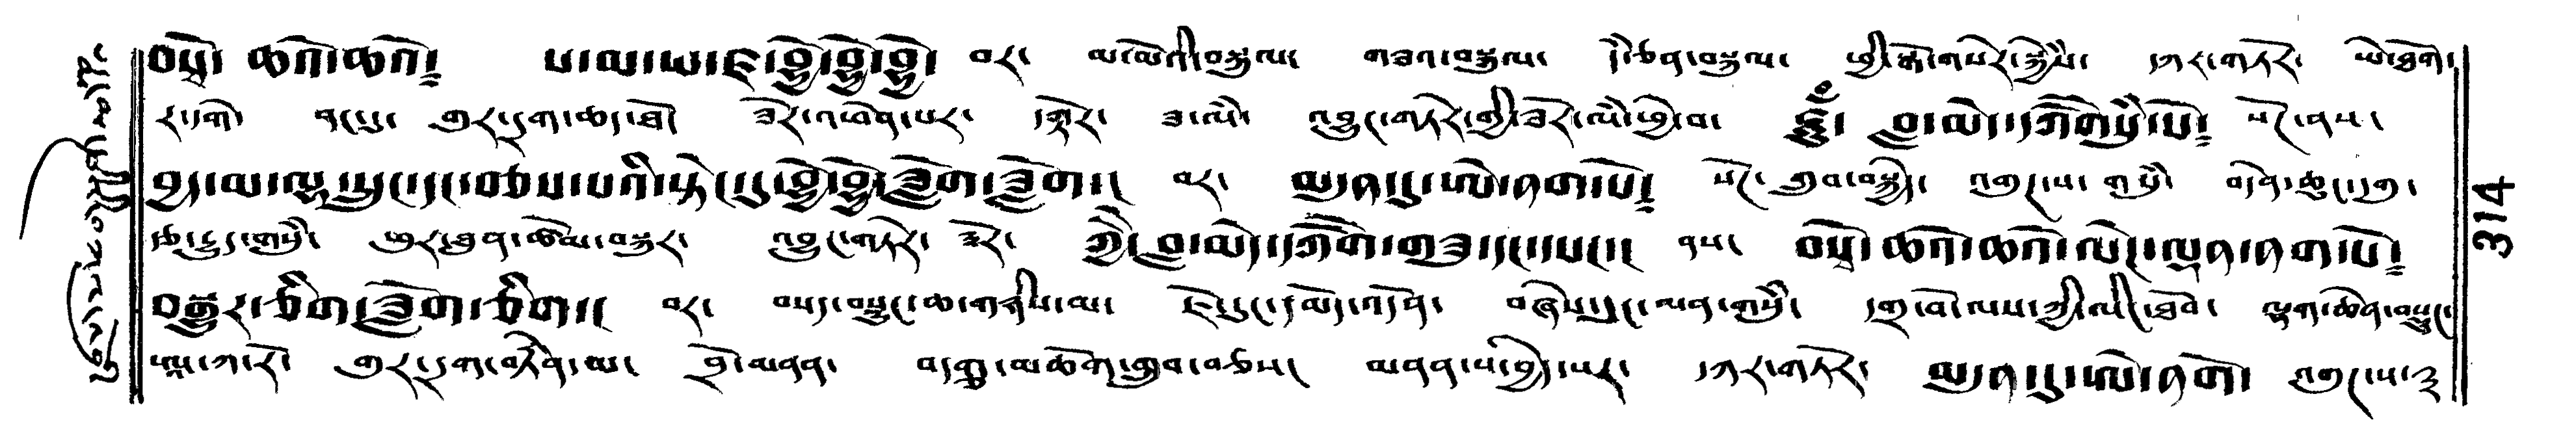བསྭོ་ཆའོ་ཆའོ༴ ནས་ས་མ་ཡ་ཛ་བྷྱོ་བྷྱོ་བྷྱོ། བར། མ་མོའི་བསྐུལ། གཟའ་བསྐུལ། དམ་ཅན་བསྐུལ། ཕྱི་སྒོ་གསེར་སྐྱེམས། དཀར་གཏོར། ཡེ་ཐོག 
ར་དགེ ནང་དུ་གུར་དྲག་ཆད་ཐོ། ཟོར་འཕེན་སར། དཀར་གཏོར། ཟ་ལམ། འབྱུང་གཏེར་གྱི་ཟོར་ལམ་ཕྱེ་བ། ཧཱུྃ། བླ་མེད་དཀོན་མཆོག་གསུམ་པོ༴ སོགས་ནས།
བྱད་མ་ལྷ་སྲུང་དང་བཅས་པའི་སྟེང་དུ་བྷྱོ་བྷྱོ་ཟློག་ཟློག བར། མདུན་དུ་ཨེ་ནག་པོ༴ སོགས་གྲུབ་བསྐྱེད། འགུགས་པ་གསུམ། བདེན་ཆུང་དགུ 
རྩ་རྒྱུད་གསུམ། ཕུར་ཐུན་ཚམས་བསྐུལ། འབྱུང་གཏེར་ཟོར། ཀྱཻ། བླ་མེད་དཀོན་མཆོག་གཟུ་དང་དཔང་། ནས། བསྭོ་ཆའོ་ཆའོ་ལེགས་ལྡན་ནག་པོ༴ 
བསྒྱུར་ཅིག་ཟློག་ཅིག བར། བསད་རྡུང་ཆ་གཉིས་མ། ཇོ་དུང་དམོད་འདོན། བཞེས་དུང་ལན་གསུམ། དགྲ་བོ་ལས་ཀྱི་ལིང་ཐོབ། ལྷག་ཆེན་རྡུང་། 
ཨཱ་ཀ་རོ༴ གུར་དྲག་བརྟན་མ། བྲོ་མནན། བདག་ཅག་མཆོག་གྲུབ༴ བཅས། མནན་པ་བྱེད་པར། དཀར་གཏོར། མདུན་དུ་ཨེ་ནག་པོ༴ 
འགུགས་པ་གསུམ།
---
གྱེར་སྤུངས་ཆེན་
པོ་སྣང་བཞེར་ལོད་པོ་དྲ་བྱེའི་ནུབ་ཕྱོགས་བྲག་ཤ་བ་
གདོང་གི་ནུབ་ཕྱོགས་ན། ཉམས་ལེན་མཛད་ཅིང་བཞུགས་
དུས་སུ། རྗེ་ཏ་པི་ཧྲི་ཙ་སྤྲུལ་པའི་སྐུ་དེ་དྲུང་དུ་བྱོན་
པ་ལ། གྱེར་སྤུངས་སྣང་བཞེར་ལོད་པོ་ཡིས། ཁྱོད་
* * *
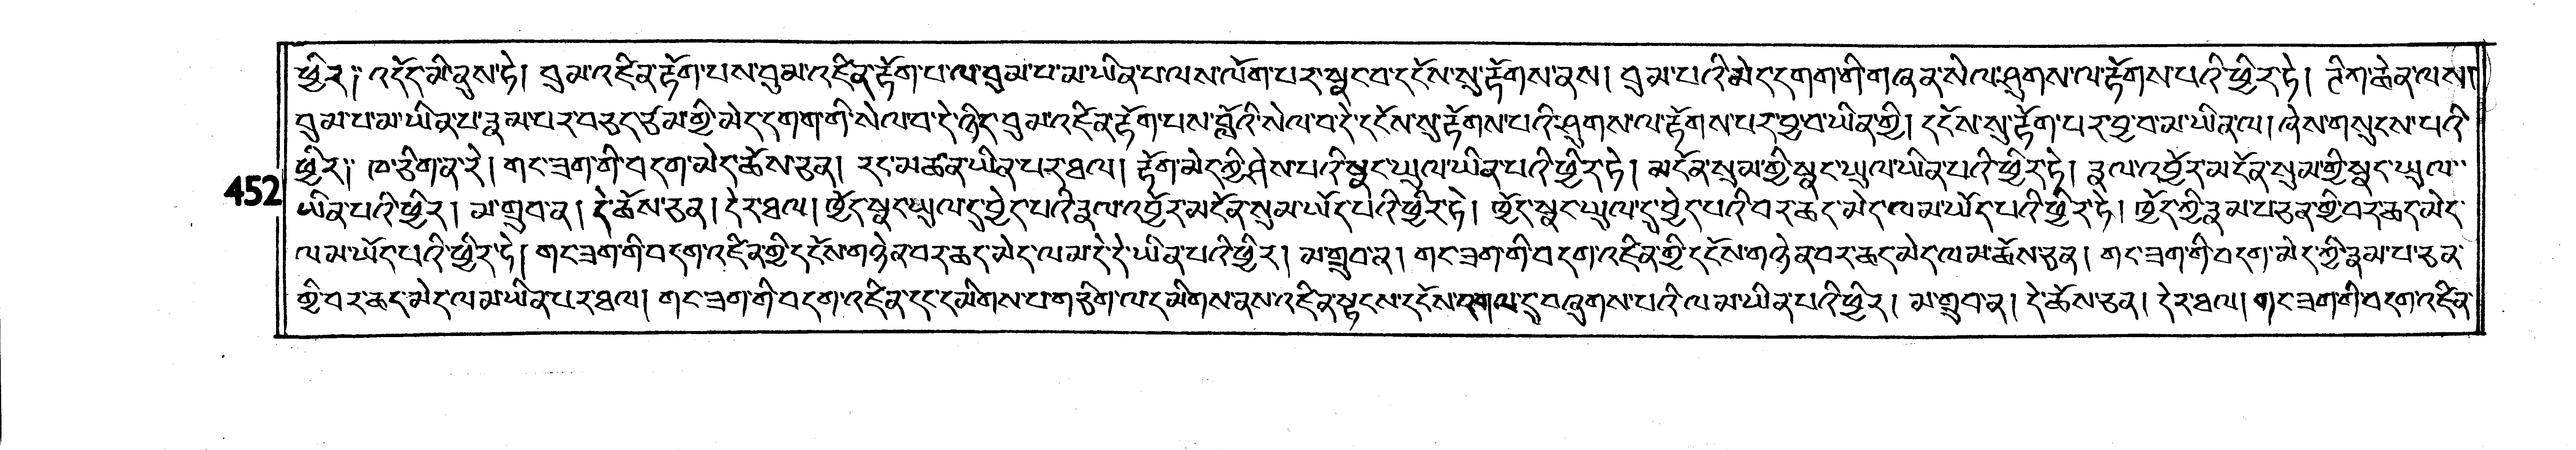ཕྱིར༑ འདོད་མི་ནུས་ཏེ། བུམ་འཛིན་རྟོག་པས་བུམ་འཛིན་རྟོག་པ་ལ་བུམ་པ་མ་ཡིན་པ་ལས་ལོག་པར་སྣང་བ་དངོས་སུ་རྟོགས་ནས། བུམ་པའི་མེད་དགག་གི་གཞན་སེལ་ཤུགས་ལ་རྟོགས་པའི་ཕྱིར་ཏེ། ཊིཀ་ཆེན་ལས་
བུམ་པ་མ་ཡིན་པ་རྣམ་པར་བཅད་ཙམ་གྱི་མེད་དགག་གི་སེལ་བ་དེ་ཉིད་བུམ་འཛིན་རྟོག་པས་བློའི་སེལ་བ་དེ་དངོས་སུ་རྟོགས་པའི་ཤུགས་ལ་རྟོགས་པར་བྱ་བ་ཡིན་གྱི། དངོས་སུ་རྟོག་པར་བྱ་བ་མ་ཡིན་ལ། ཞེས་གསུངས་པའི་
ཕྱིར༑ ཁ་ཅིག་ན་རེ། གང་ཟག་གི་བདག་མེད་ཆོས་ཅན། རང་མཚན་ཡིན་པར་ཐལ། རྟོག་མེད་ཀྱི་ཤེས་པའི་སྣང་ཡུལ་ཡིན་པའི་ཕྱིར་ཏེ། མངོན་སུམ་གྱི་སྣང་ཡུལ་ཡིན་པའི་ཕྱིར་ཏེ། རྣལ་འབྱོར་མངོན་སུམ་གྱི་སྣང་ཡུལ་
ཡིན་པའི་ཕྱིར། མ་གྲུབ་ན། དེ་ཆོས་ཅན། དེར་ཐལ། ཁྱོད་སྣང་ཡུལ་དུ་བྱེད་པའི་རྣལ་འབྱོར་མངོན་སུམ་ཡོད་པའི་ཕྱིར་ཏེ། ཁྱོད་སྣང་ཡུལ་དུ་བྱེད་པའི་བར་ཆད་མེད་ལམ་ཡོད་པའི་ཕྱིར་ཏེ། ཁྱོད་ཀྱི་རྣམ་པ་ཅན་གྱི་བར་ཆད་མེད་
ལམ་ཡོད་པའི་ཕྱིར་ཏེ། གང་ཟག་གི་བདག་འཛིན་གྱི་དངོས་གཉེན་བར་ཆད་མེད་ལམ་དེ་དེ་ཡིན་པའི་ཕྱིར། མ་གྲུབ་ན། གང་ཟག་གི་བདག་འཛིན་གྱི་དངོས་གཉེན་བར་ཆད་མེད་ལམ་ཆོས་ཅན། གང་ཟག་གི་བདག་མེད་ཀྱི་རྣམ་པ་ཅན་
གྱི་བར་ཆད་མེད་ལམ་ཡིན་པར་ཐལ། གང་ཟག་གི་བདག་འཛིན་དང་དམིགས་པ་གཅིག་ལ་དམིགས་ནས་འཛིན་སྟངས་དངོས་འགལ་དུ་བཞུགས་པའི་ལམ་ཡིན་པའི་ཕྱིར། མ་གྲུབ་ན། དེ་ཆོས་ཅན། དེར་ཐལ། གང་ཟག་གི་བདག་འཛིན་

**Assignment**
Return exactly the lines of the material above, starting at the line containing "བསྭོ་ཆའོ་ཆའོ༴ ནས་ས་མ་ཡ་ཛ་བྷྱོ་བྷྱོ་བྷྱོ། བར།" and finishing at the line containing "སོགས་གྲུབ་བསྐྱེད། འགུགས་པ་གསུམ། བདེན་ཆུང་དགུ", without any pictures.

**Written answer**
བསྭོ་ཆའོ་ཆའོ༴ ནས་ས་མ་ཡ་ཛ་བྷྱོ་བྷྱོ་བྷྱོ། བར། མ་མོའི་བསྐུལ། གཟའ་བསྐུལ། དམ་ཅན་བསྐུལ། ཕྱི་སྒོ་གསེར་སྐྱེམས། དཀར་གཏོར། ཡེ་ཐོག 
ར་དགེ ནང་དུ་གུར་དྲག་ཆད་ཐོ། ཟོར་འཕེན་སར། དཀར་གཏོར། ཟ་ལམ། འབྱུང་གཏེར་གྱི་ཟོར་ལམ་ཕྱེ་བ། ཧཱུྃ། བླ་མེད་དཀོན་མཆོག་གསུམ་པོ༴ སོགས་ནས།
བྱད་མ་ལྷ་སྲུང་དང་བཅས་པའི་སྟེང་དུ་བྷྱོ་བྷྱོ་ཟློག་ཟློག བར། མདུན་དུ་ཨེ་ནག་པོ༴ སོགས་གྲུབ་བསྐྱེད། འགུགས་པ་གསུམ། བདེན་ཆུང་དགུ 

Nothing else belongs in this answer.